Castle above Kaub, Germany

Gutenfels Castle (Burg Gutenfels), historically known as Caub Castle or Kaub Castle, is a castle located 110m above the town of Kaub in Rhineland-Palatinate, Germany.

==History==
Gutenfels Castle was built in 1220. It first appears in historical documents in 1257 owned by the Falkenstein family. The castle along with the fortified town of Kaub became part of the Electorate of the Palatinate in 1277. Gutenfels Castle worked alongside Pfalzgrafenstein Castle in the middle of the Rhine and Kaub on the opposite bank to control the waterway and collect tolls for the Holy Roman Emperor. It has been known as Gutenfels Castle since being unsuccessfully besieged in 1504 by Landgrave William II of Hesse as part of the War of the Succession of Landshut.

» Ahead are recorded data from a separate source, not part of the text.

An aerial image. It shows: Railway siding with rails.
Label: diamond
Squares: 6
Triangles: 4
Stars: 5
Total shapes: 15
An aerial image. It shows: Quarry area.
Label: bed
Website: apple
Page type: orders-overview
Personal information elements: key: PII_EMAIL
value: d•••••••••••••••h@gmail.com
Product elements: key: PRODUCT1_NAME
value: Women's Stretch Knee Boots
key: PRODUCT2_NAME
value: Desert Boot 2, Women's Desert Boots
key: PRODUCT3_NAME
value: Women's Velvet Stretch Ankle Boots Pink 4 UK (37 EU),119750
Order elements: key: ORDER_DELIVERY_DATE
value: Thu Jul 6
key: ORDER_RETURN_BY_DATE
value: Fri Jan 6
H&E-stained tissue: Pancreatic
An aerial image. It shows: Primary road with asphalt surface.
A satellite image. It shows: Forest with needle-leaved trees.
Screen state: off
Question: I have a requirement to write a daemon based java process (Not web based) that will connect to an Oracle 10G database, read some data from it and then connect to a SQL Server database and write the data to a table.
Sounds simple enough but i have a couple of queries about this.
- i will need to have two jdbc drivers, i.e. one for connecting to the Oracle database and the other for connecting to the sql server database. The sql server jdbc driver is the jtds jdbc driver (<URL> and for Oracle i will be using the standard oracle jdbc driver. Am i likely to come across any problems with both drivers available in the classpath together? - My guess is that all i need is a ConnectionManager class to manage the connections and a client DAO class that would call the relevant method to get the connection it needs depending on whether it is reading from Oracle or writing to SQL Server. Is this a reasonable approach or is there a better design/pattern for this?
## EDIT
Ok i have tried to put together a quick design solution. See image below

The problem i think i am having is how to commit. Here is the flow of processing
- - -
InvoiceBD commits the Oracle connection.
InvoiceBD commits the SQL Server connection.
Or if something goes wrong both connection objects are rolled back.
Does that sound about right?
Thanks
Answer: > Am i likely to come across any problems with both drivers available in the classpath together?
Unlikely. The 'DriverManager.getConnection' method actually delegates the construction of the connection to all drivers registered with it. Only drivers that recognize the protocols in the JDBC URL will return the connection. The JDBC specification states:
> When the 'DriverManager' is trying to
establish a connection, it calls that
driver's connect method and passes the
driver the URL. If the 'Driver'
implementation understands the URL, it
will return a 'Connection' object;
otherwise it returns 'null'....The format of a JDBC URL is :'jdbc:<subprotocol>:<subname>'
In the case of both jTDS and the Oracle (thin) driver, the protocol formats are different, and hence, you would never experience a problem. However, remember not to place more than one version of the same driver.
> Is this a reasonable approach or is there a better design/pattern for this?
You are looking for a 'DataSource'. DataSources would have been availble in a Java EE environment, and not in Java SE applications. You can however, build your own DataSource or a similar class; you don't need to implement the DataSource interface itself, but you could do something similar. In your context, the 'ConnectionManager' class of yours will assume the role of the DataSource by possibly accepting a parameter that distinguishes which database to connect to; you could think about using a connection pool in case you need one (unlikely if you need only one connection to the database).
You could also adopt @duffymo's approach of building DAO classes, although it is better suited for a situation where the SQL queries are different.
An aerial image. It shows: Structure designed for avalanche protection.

In 1793 Gutenfels Castle was garrisoned by several companies of Palatine veterans when it surrendered relatively intact to French revolutionary forces. In 1803 it passed to the Duchy of Nassau with the dissolution of the Holy Roman Empire. The Nassau government planned to utilise the castle as a workhouse and prison however were ordered by Napoleon in 1806 to dismantle and disarm it. The castle was partially demolished between 1805 and 1807. Weapons and artifacts were distributed to nearby castles, the moat was filled in and walls were sold for stone in late 1807.

Prussia purchased the area in 1866 and ended this toll in 1867.

The castle was rebuilt between 1889 and 1892.

The castle is part of the Rhine Gorge, a UNESCO World Heritage Site added in 2002. The castle transitioned from a hotel into private ownership in 2006.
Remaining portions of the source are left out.